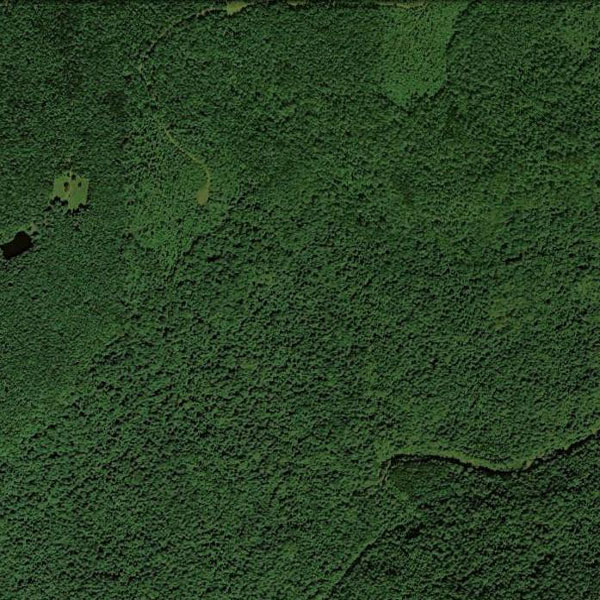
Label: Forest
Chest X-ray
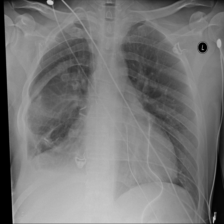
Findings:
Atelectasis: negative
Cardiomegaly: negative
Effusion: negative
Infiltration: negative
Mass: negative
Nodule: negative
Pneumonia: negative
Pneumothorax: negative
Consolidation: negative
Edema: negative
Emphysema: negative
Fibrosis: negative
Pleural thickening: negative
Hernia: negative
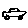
---------------
### Exercise
Reprint all the data above verbatim, excluding pictures.

### Exercise result
Label: Forest
Chest X-ray
Findings:
Atelectasis: negative
Cardiomegaly: negative
Effusion: negative
Infiltration: negative
Mass: negative
Nodule: negative
Pneumonia: negative
Pneumothorax: negative
Consolidation: negative
Edema: negative
Emphysema: negative
Fibrosis: negative
Pleural thickening: negative
Hernia: negative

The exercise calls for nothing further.